* _Exercise aim_
Repeat the records verbatim and leave the pictures out of your copy.
(Beginning of Dataset excerpts)
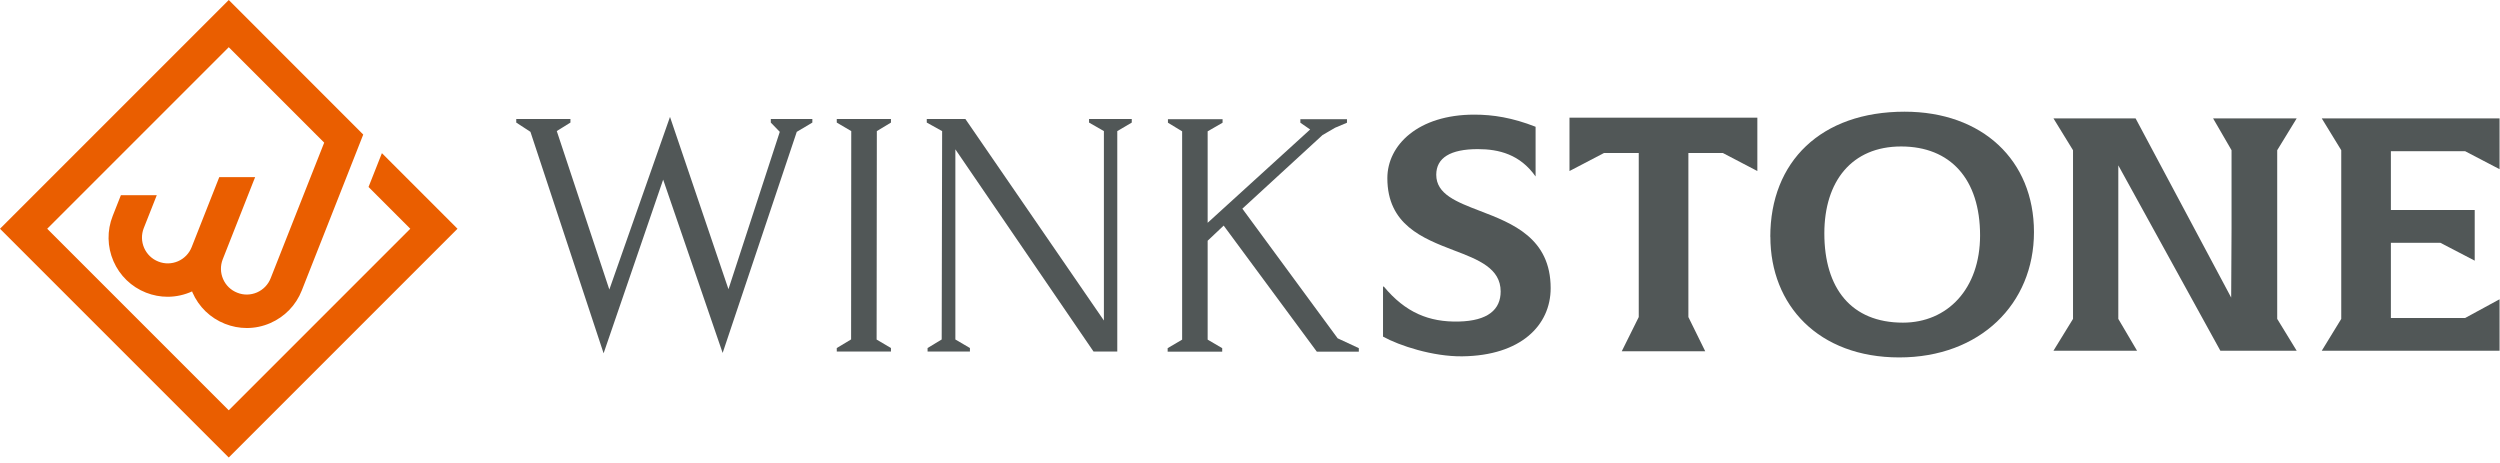 <svg width="340" height="63" viewBox="0 0 340 63" fill="none" xmlns="http://www.w3.org/2000/svg">
<g clip-path="url(#clip0_1_26)">
<path d="M188.09 45.78V39L188.19 38.96C191.14 42.51 194.34 43.82 198.38 43.73C202.37 43.64 204.09 42.09 204.09 39.64C204.09 36.5 201.09 35.32 197.74 34.05C193.46 32.41 188.68 30.55 188.68 24.23C188.68 19.73 192.87 15.59 200.5 15.59C203.06 15.59 205.67 16 208.84 17.24V24C206.73 21 203.85 20.28 200.99 20.28C197.26 20.28 195.33 21.46 195.33 23.77C195.33 26.41 198.09 27.46 201.29 28.69C205.67 30.37 210.89 32.37 210.89 39.19C210.89 44.23 206.85 48.37 198.87 48.46C194.88 48.51 190.31 47.01 188.09 45.78Z" fill="#515757"/>
<path d="M239 23.26L234.31 20.81H229.62V43.12L231.91 47.77H220.56L222.87 43.12V20.81H218.14L213.45 23.26V16H220.21H232.22H239V23.26Z" fill="#515757"/>
<path d="M240.76 32.2C240.76 21.97 247.66 15.19 259.03 15.19C269.58 15.19 276.62 21.78 276.62 31.56C276.62 41.34 269.28 48.61 258.3 48.61C247.32 48.61 240.77 41.52 240.77 32.2M269.29 32.02C269.29 24.34 265.25 19.92 258.55 19.92C251.85 19.92 248.11 24.65 248.11 31.74C248.11 39.2 251.76 43.88 258.8 43.88C264.85 43.88 269.29 39.29 269.29 32.01" fill="#515757"/>
<path d="M281.93 43.37V20.43L279.27 16.1H290.44L303.44 40.47L303.49 31.11V20.43L300.98 16.1H312.35L309.7 20.43V43.37L312.35 47.7H301.97L288.09 22.49V43.37L290.64 47.7H279.27L281.93 43.37Z" fill="#515757"/>
<path d="M339.94 40.7V47.7H333.13H315.76L318.41 43.37V20.43L315.76 16.1H333.43H339.94V23.01L335.25 20.56H325.16V28.56H328.9H336.56V35.45L331.89 33.02H325.16V43.25H335.25L339.94 40.7Z" fill="#515757"/>
<path d="M110.48 16.67L108.36 17.93L98.28 48L90.19 24.43L82.09 48.05L72.14 17.93L70.21 16.67V16.18H77.58V16.67L75.72 17.82L82.87 39.38L91.12 15.9L99.07 39.33L106.05 17.93L104.83 16.67V16.18H110.48V16.67Z" fill="#515757"/>
<path d="M113.8 16.18H121.17V16.67L119.25 17.83L119.22 46.18L121.17 47.33V47.81H113.8V47.33L115.75 46.16L115.77 17.83L113.8 16.67V16.18Z" fill="#515757"/>
<path d="M131.91 47.33V47.81H126.15V47.33L128.07 46.17L128.13 17.83L126.04 16.67V16.18H131.29L150.13 43.59V17.83L148.11 16.67V16.18H153.92V16.67L151.95 17.83V47.81H148.72L129.93 20.31V46.17L131.91 47.33Z" fill="#515757"/>
<path d="M166.22 47.35V47.83H158.8V47.35L160.77 46.19V17.86L158.84 16.69V16.21H166.27V16.69L164.24 17.86V30.3L178.18 17.61L176.85 16.69V16.21H183.19V16.69L181.58 17.37L179.86 18.37L168.96 28.38L181.92 46.01L184.8 47.35V47.83H183.55H179.09L166.42 30.68L164.24 32.74V46.19L166.22 47.35Z" fill="#515757"/>
<path d="M51.94 20.83L51.59 21.71L51.37 22.27L50.12 25.43L55.8 31.11L31.11 55.8L6.42 31.11L12.88 24.65L16.17 21.36L31.11 6.42L42.66 17.97L44.09 19.4L42.96 22.26L40.53 28.41L36.81 37.84C36.47 38.71 35.8 39.4 34.95 39.77C34.09 40.14 33.14 40.16 32.27 39.81C31.4 39.47 30.71 38.81 30.34 37.95C29.97 37.09 29.95 36.14 30.29 35.27L34.47 24.66L34.7 24.09H29.82L26.07 33.6C25.73 34.47 25.06 35.16 24.21 35.53C23.35 35.9 22.4 35.92 21.53 35.57C20.66 35.23 19.98 34.57 19.6 33.71C19.23 32.85 19.21 31.9 19.55 31.03L21.32 26.55H16.44L15.33 29.36C14.54 31.36 14.58 33.55 15.43 35.52C16.29 37.49 17.86 39.01 19.86 39.8C20.83 40.18 21.82 40.36 22.8 40.36C23.96 40.36 25.09 40.1 26.13 39.63C26.15 39.67 26.15 39.72 26.17 39.76C27.03 41.73 28.6 43.25 30.6 44.04C31.56 44.42 32.56 44.61 33.56 44.61C34.65 44.61 35.73 44.39 36.76 43.94C38.73 43.08 40.25 41.51 41.04 39.51L41.86 37.43L44.76 30.08L47.59 22.9L47.84 22.26L47.87 22.19L49.4 18.3L49.11 18.01L49.07 17.97L31.11 0L0 31.11L31.11 62.22L62.22 31.11L51.93 20.82L51.94 20.83Z" fill="#EA5E00"/>
</g>
<defs>
<clipPath id="clip0_1_26">
<rect width="339.94" height="62.22" fill="white"/>
</clipPath>
</defs>
</svg>
(End of Dataset excerpts)
* _Response area_
 <svg width="340" height="63" viewBox="0 0 340 63" fill="none" xmlns="http://www.w3.org/2000/svg">
<g clip-path="url(#clip0_1_26)">
<path d="M188.09 45.78V39L188.19 38.96C191.14 42.51 194.34 43.82 198.38 43.73C202.37 43.64 204.09 42.09 204.09 39.64C204.09 36.5 201.09 35.32 197.74 34.05C193.46 32.41 188.68 30.55 188.68 24.23C188.68 19.73 192.87 15.59 200.5 15.59C203.06 15.59 205.67 16 208.84 17.24V24C206.73 21 203.85 20.28 200.99 20.28C197.26 20.28 195.33 21.46 195.33 23.77C195.33 26.41 198.09 27.46 201.29 28.69C205.67 30.37 210.89 32.37 210.89 39.19C210.89 44.23 206.85 48.37 198.87 48.46C194.88 48.51 190.31 47.01 188.09 45.78Z" fill="#515757"/>
<path d="M239 23.26L234.31 20.81H229.62V43.12L231.91 47.77H220.56L222.87 43.12V20.81H218.14L213.45 23.26V16H220.21H232.22H239V23.26Z" fill="#515757"/>
<path d="M240.76 32.2C240.76 21.97 247.66 15.19 259.03 15.19C269.58 15.19 276.62 21.78 276.62 31.56C276.62 41.34 269.28 48.61 258.3 48.61C247.32 48.61 240.77 41.52 240.77 32.2M269.29 32.02C269.29 24.34 265.25 19.92 258.55 19.92C251.85 19.92 248.11 24.65 248.11 31.74C248.11 39.2 251.76 43.88 258.8 43.88C264.85 43.88 269.29 39.29 269.29 32.01" fill="#515757"/>
<path d="M281.93 43.37V20.43L279.27 16.1H290.44L303.44 40.47L303.49 31.11V20.43L300.98 16.1H312.35L309.7 20.43V43.37L312.35 47.7H301.97L288.09 22.49V43.37L290.64 47.7H279.27L281.93 43.37Z" fill="#515757"/>
<path d="M339.94 40.7V47.7H333.13H315.76L318.41 43.37V20.43L315.76 16.1H333.43H339.94V23.01L335.25 20.56H325.16V28.56H328.9H336.56V35.45L331.89 33.02H325.16V43.25H335.25L339.94 40.7Z" fill="#515757"/>
<path d="M110.48 16.67L108.36 17.93L98.28 48L90.19 24.43L82.09 48.05L72.14 17.93L70.21 16.67V16.18H77.58V16.67L75.72 17.82L82.87 39.38L91.12 15.9L99.07 39.33L106.05 17.93L104.83 16.67V16.18H110.48V16.67Z" fill="#515757"/>
<path d="M113.8 16.18H121.17V16.67L119.25 17.83L119.22 46.18L121.17 47.33V47.81H113.8V47.33L115.75 46.16L115.77 17.83L113.8 16.67V16.18Z" fill="#515757"/>
<path d="M131.91 47.33V47.81H126.15V47.33L128.07 46.17L128.13 17.83L126.04 16.67V16.18H131.29L150.13 43.59V17.83L148.11 16.67V16.18H153.92V16.67L151.95 17.83V47.81H148.72L129.93 20.31V46.17L131.91 47.33Z" fill="#515757"/>
<path d="M166.22 47.35V47.83H158.8V47.35L160.77 46.19V17.86L158.84 16.69V16.21H166.27V16.69L164.24 17.86V30.3L178.18 17.61L176.85 16.69V16.21H183.19V16.69L181.58 17.37L179.86 18.37L168.96 28.38L181.92 46.01L184.8 47.35V47.83H183.55H179.09L166.42 30.68L164.24 32.74V46.19L166.22 47.35Z" fill="#515757"/>
<path d="M51.94 20.83L51.59 21.71L51.37 22.27L50.12 25.43L55.8 31.11L31.11 55.8L6.42 31.11L12.88 24.65L16.17 21.36L31.11 6.42L42.66 17.97L44.09 19.4L42.96 22.26L40.53 28.41L36.81 37.84C36.47 38.71 35.8 39.4 34.95 39.77C34.09 40.14 33.14 40.16 32.27 39.81C31.4 39.47 30.71 38.81 30.34 37.95C29.97 37.09 29.95 36.14 30.29 35.27L34.47 24.66L34.7 24.09H29.82L26.07 33.6C25.73 34.47 25.06 35.16 24.21 35.53C23.35 35.9 22.4 35.92 21.53 35.57C20.66 35.23 19.98 34.57 19.6 33.71C19.23 32.85 19.21 31.9 19.55 31.03L21.32 26.55H16.44L15.33 29.36C14.54 31.36 14.58 33.55 15.43 35.52C16.29 37.49 17.86 39.01 19.86 39.8C20.83 40.18 21.82 40.36 22.8 40.36C23.96 40.36 25.09 40.1 26.13 39.63C26.15 39.67 26.15 39.72 26.17 39.76C27.03 41.73 28.6 43.25 30.6 44.04C31.56 44.42 32.56 44.61 33.56 44.61C34.65 44.61 35.73 44.39 36.76 43.94C38.73 43.08 40.25 41.51 41.04 39.51L41.86 37.43L44.76 30.08L47.59 22.9L47.84 22.26L47.87 22.19L49.4 18.3L49.11 18.01L49.07 17.97L31.11 0L0 31.11L31.11 62.22L62.22 31.11L51.93 20.82L51.94 20.83Z" fill="#EA5E00"/>
</g>
<defs>
<clipPath id="clip0_1_26">
<rect width="339.94" height="62.22" fill="white"/>
</clipPath>
</defs>
</svg>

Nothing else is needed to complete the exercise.